軍人とはこんなものなのか?と初めて見る異世界の軍人に少し興味もあったが、その態度にどう答えたら面倒事にならないか思案していると婆ちゃんが
『ローソン村からじゃ』
と素直に答えていた。
『ワシらはこれからそのローソン村に現れた赤頭巾を討伐に向かうユウ州軍だ。ローソン村はどうなっておるか詳しく説明しろ』
とまた横柄な態度で詰問する兵士に
『そいつらならわしらが倒した。今さらローソン村に行っても何もする事が無いぞ』
とアッサリ答える婆ちゃん。
『なっ!?』
『お前達が赤頭巾を倒しただと?』
驚きの表情で俺達を見回す兵士だが、老婆と子供と女性の3人で倒したと言ってるのだから驚くのも無理は無い。
しかし次の瞬間
『これでな』
と言って婆ちゃんは手の平に小さな炎を出して、魔法を使い倒したことをアピールしてみせた。

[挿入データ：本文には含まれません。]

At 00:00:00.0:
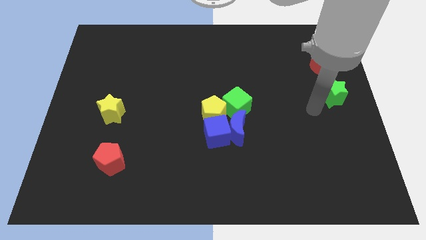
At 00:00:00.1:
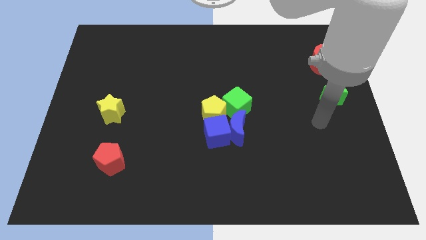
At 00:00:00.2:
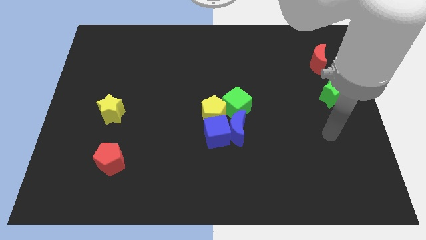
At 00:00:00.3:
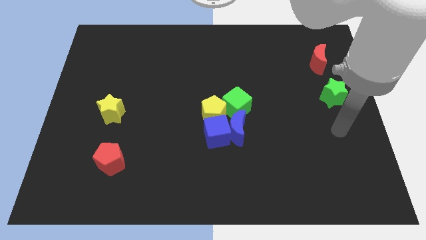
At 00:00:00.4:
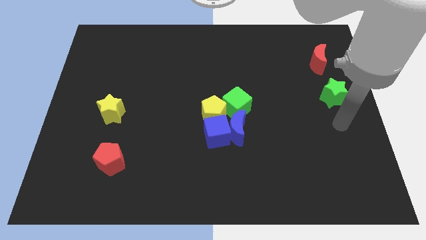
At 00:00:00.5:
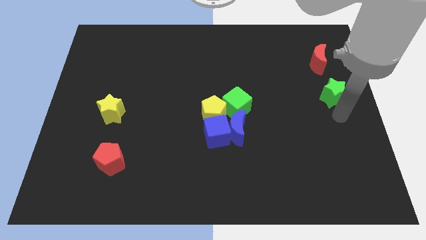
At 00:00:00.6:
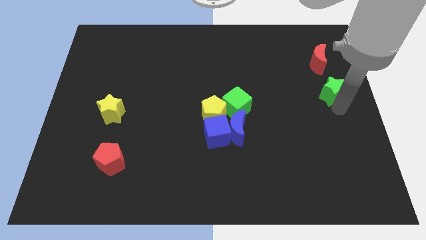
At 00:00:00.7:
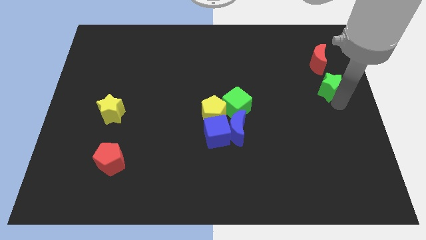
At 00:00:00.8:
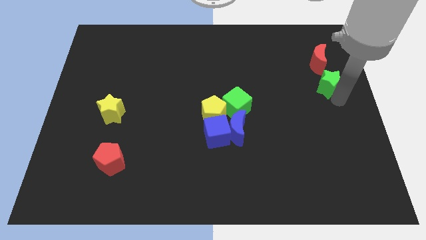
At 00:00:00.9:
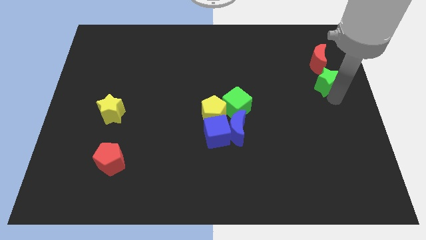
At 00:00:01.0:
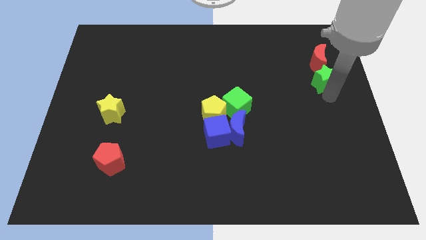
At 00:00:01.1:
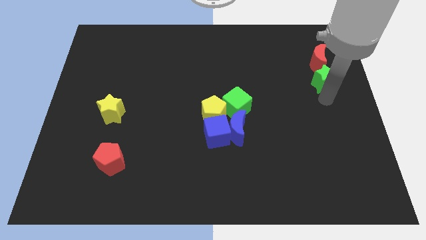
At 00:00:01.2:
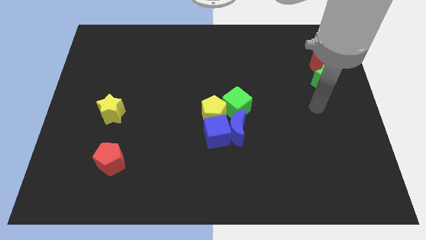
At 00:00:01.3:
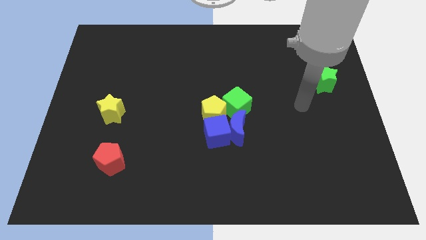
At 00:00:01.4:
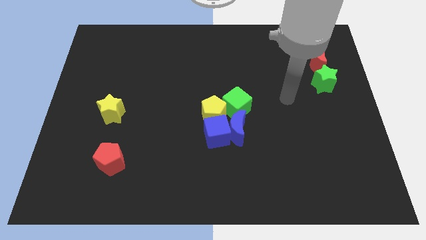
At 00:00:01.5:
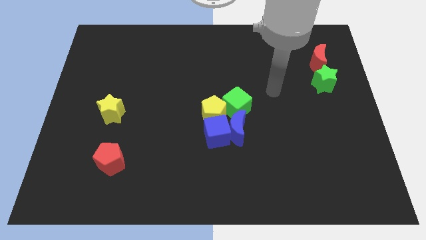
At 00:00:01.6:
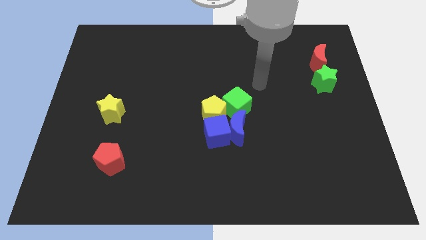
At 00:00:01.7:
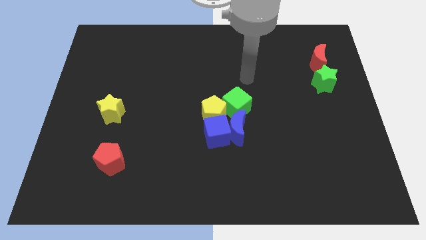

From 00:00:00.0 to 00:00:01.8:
push the green star into the red moon

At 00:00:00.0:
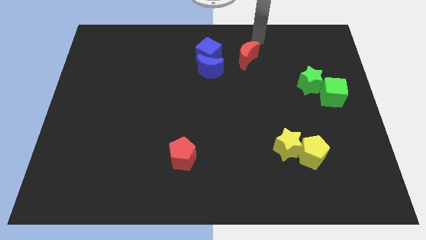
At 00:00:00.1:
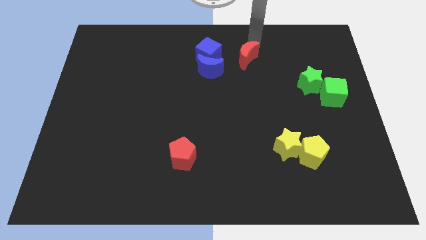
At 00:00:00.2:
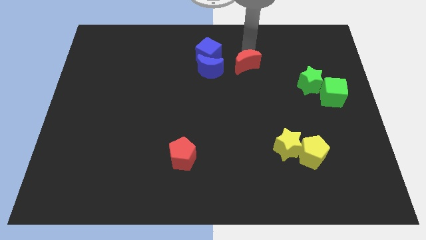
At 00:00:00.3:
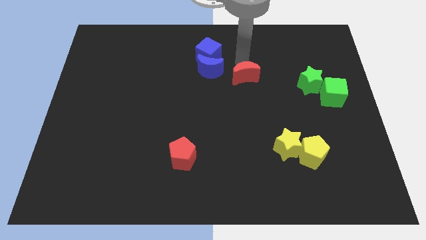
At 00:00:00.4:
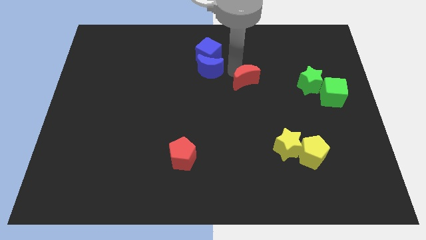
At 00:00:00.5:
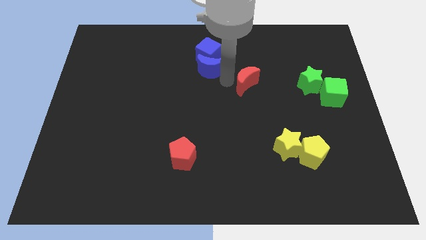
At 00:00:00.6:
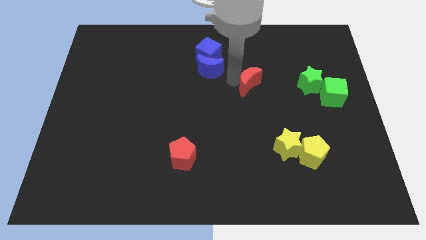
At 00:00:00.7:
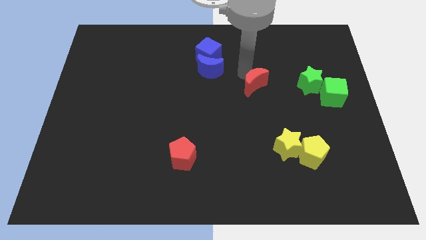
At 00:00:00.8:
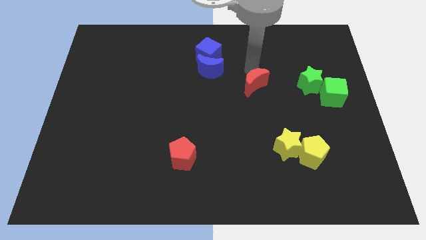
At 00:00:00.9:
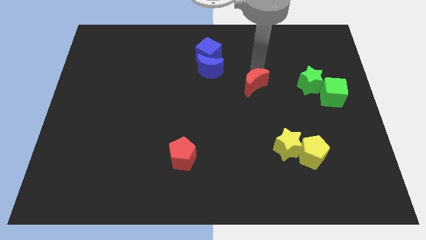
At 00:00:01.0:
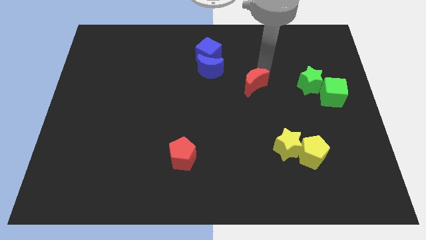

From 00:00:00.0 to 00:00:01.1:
place the red crescent in between the group of blue and green blocks

『それにじゃ。奴等は赤頭巾なんぞじゃなく、山賊が赤頭巾に成り済ましておったのじゃ』
と真実を告げると
『山賊が…』
『なるほど…』
兵士はそう呟き暫く馬上で思案した後
『導士殿。ここで暫くお待ちくださらぬか?』
先ほどとは口調を改め軍列の後方に馬を走らせて行ってしまった。
婆ちゃんが魔法を使えると知った途端に態度を変える辺りは、導士の存在がこの異世界において貴重な存在だと如実に表している。
暫くすると、先ほどの兵士と一緒に随分立派な鎧を身に付けた兵士がやって来て
俺達の前で馬から下りると
『その方らが賊を倒した導士の一行であるな』
『私はユウ州候エンリュウ様の配下でスウセイと申す』
と自己紹介をしローソン村の様子や賊のこと等を聞いてきた。
一通りの説明をしたところで婆ちゃんが魔法の袋から例の宝箱の中身にあった王冠と剣を取り出して
『山賊から奪った戦利品じゃ。これをお前さんの主に献上しようと思うのじゃがどうじゃ?』
と婆ちゃんが意外な提案をすると、スウセイと名乗った兵士は驚いた表情で王冠と剣を見つめ
『導士殿の申し出に感謝する。出来たらこの先のタクケンに居る我が主に会ってはくださらねか?』
と言って近くの兵士に馬車の用意を指示し、先ほどの横柄な態度の兵士には行軍の中止とローソン村への偵察を命じている。
どうやらこのスウセイと言う兵士はこの軍の大将のような存在らしい。
こうしてスウセイさんに促されるまま馬車に乗り俺達はタクケンに向かうことになったのである。